De acordo com a autora,
“[...] muito embora as favelas antigas, que foram poupadas da remoção, tenham
continuado a crescer por meio da verticalização [...] o custo de moradia na favela,
com o mercado de aluguéis se desenvolvendo, acompanhando a inflação,
praticamente inviabilizou a permanência de muitos, bloqueando por outro lado a
entrada de migrantes recém-chegados. O destino mais frequente do pobre tornou-se a
periferia” (VALLADARES, 1991, p. 103).
Quanto à questão relativa ao emprego, o Estado continuava a reconhecer a existência
de dois setores, agora denominados “formal” e “informal”. O subemprego passou, assim, a
cair em desuso, uma vez que o setor informal preencheu uma lacuna importante na economia
urbana. Para Valladares, mesma que a atividade do setor informal fosse “irregular” e “mal
paga”, ainda sim havia uma função de inclusão importante para aqueles que estavam
excluídos da rede do mercado formal. Não era o ideal, evidentemente, mas ao menos oferecia
uma oportunidade de trabalho. Destarte, Valladares analisa na década de oitenta o
reconhecimento do termo “trabalhador pobre”. Esse termo passou a imperar após uma
pesquisa que constatou que a pobreza encontrava-se presente até mesmo entre os
trabalhadores regularmente empregados. Nas palavras da autora,
“[...] de 4,4 milhões de famílias classificadas como “miseráveis”, 3,2 milhões tinham
todos os seus membros incorporados ao mercado formal de trabalho [...] a família
pobre, trabalhadora, se viu cada vez mais obrigada a apelar para as chamadas
“estratégias de sobrevivência”” (VALLADARES, 1991, p. 106).
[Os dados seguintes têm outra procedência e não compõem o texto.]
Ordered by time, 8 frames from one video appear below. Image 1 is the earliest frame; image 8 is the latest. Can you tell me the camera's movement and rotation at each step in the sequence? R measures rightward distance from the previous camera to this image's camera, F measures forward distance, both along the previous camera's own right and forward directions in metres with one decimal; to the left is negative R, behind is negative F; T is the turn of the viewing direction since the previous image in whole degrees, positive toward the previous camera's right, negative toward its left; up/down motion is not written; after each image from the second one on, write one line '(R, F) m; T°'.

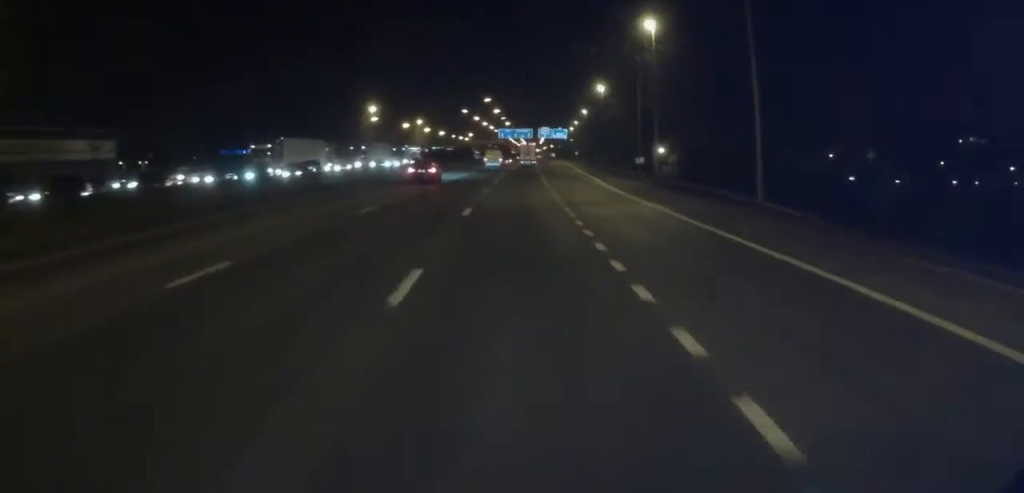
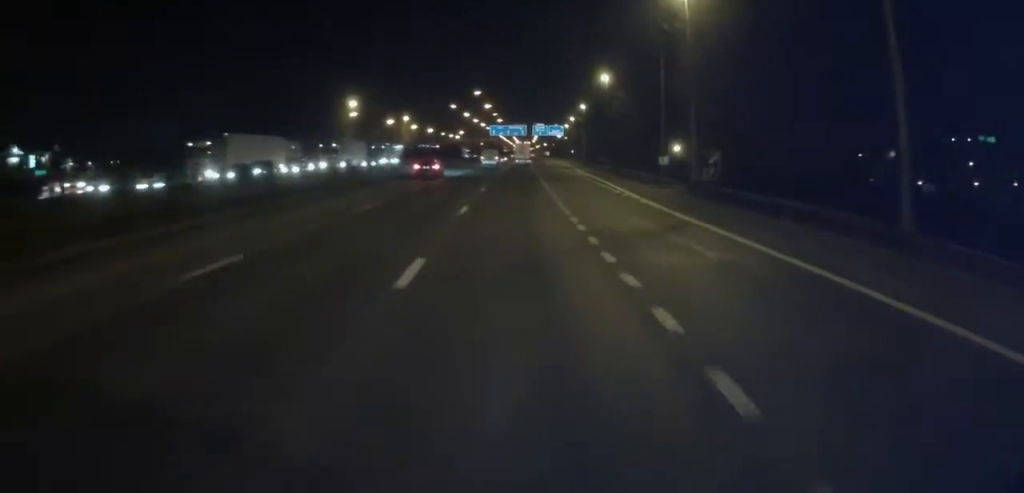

Essa estratégia que a autora se refere está ligada não somente a uma volta da jornada
de trabalho por parte dos aposentados, mas sobretudo ao trabalho de jovens e crianças na rua.
Essa estratégia de sobrevivência, como muitos sabem, ainda se perpetua em muitas cidades
brasileiras. No Rio de Janeiro, é comum enxergamos crianças trabalhando em sinais de
trânsito, com intuito de elevar a renda familiar. Embora o salário mínimo brasileiro tenha
aumentado nos últimos anos, ainda se encontra muito aquém para as necessidades básicas de
cada família. O que vale salientar, porém, é a percepção, sobretudo da elite, em perceber a
realidade do trabalhador pobre. A década de 90 marca o inicio de um novo tratamento dado
aos pobres. Relatórios do Banco Mundial defendem que
“[...] o meio mais eficiente de obter avanços rápidos e politicamente sustentáveis na
qualidade de vida dos pobres tem sido a adoção de uma estratégia de dois elementos.
O primeiro elemento dessa estratégia é a busca de um modelo de crescimento que
garanta o uso produtivo do bem mais abundante entre os pobres – o trabalho. O
segundo elemento é o provimento amplo de serviços sociais básicos aos pobres,
sobretudo de educação primaria, assistência medica básica e planejamento familiar.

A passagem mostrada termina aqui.